--- Your task ---
All lines from the one that contains "second land cover: Grassland" through the final line of the entries must be repeated exactly. No other lines belong in the output.

--- Stored data ---
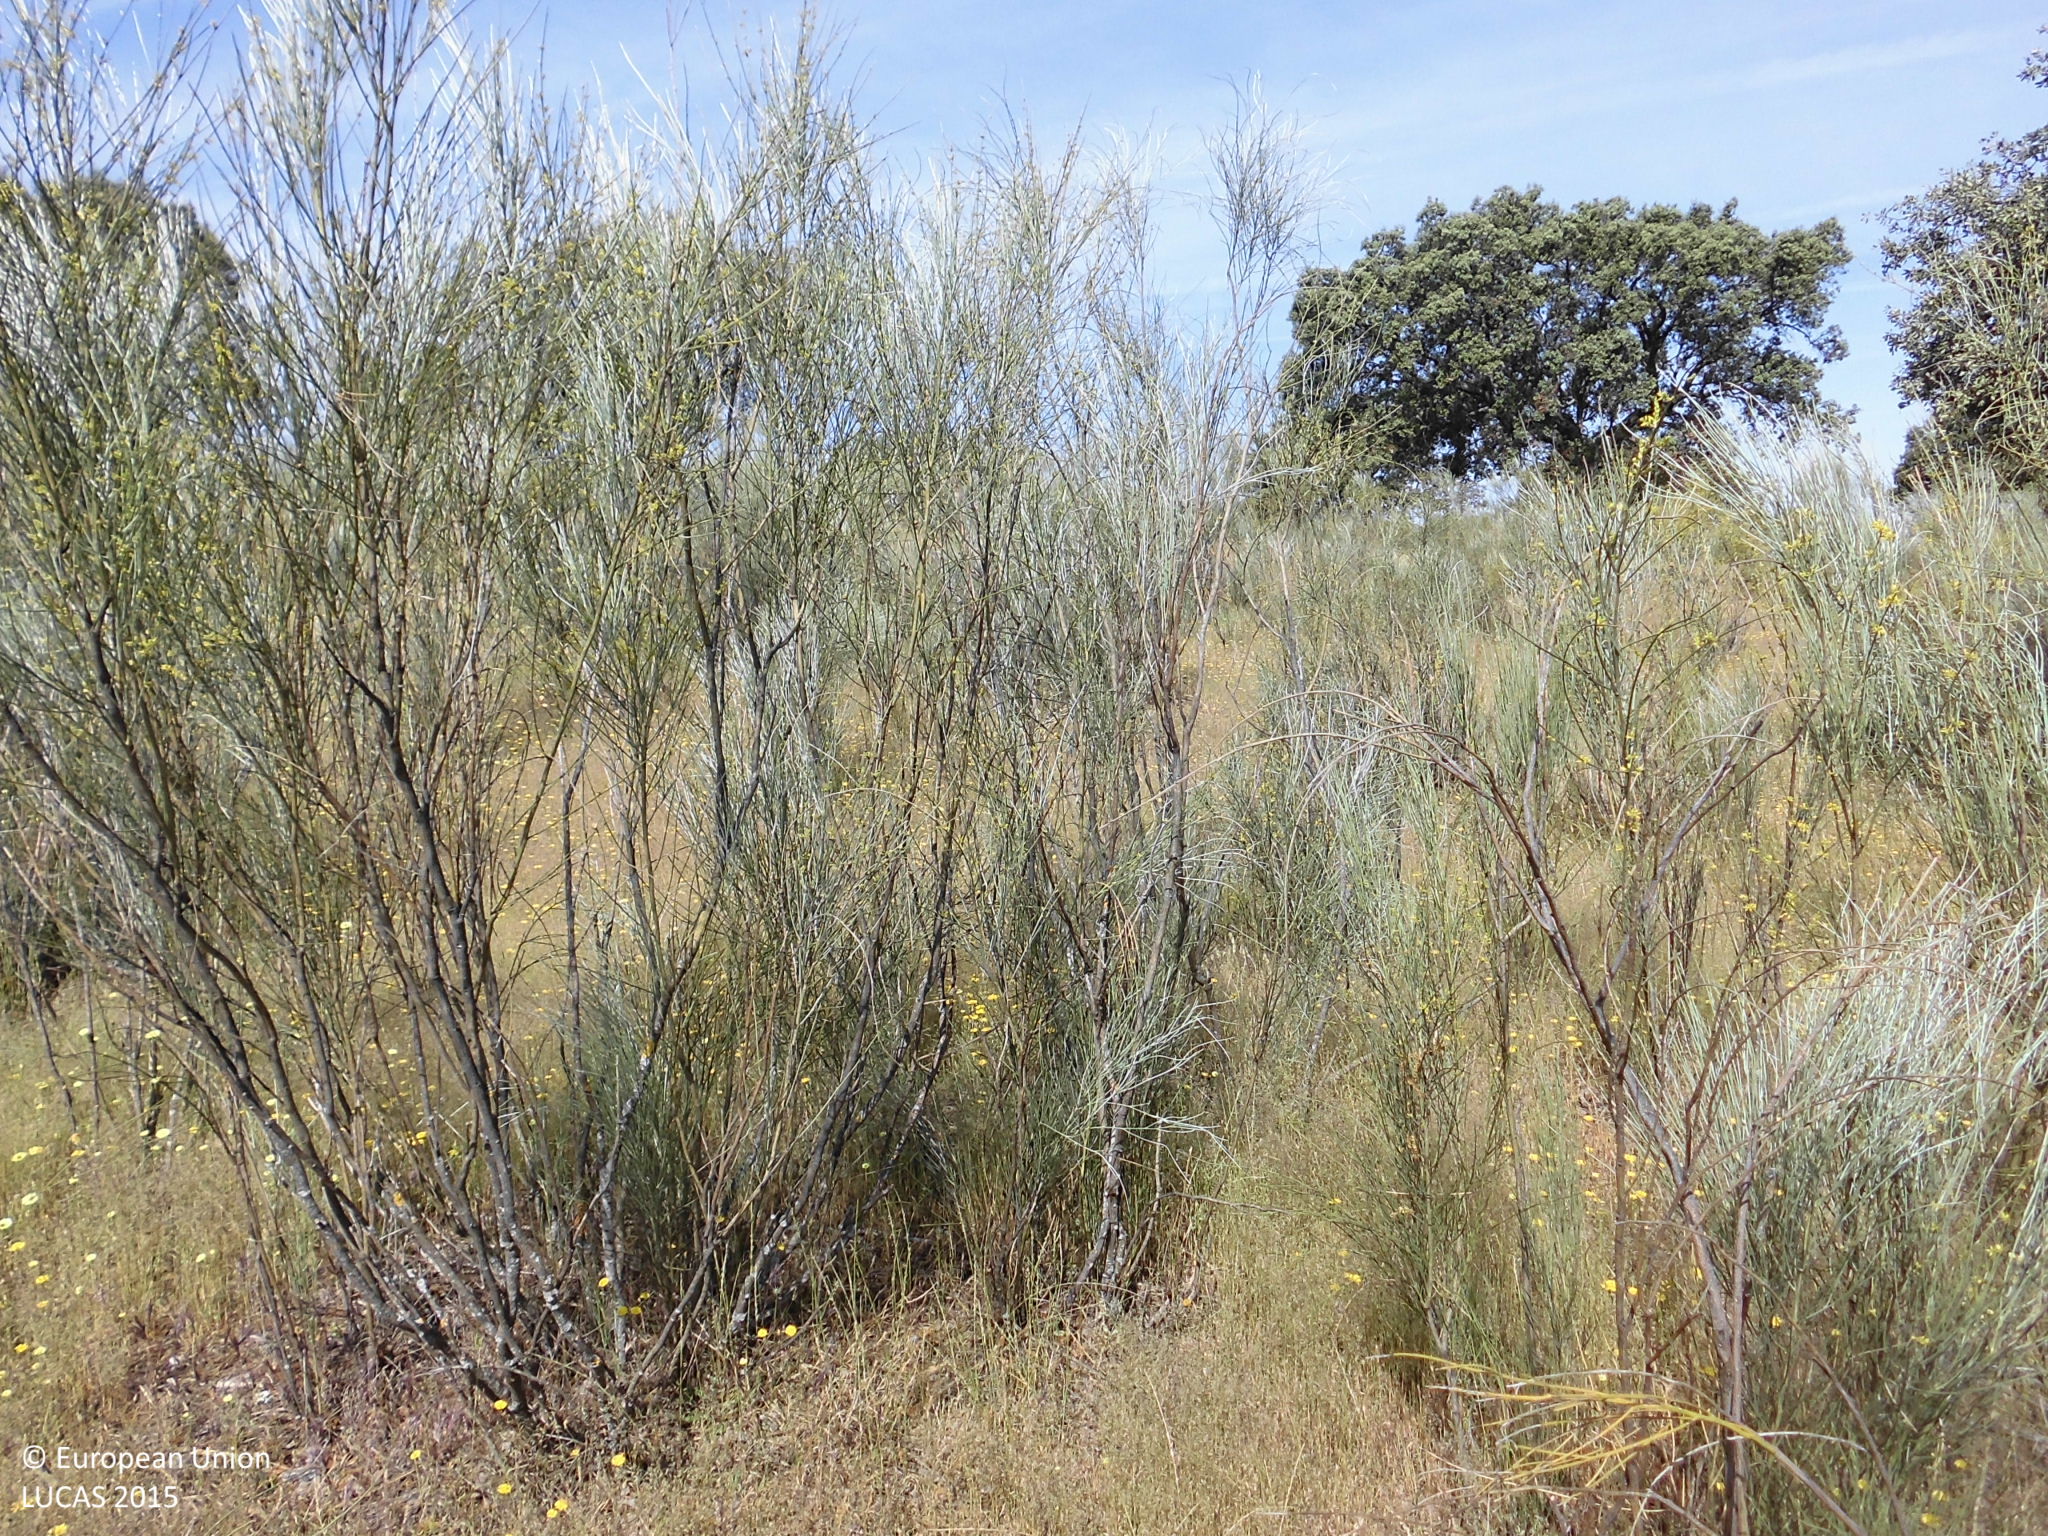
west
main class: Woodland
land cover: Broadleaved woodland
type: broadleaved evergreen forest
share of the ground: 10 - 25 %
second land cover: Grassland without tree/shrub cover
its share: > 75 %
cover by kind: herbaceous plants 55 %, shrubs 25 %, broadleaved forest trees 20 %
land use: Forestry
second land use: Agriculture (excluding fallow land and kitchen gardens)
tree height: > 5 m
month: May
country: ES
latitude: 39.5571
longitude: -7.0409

--- Task solution ---
second land cover: Grassland without tree/shrub cover
its share: > 75 %
cover by kind: herbaceous plants 55 %, shrubs 25 %, broadleaved forest trees 20 %
land use: Forestry
second land use: Agriculture (excluding fallow land and kitchen gardens)
tree height: > 5 m
month: May
country: ES
latitude: 39.5571
longitude: -7.0409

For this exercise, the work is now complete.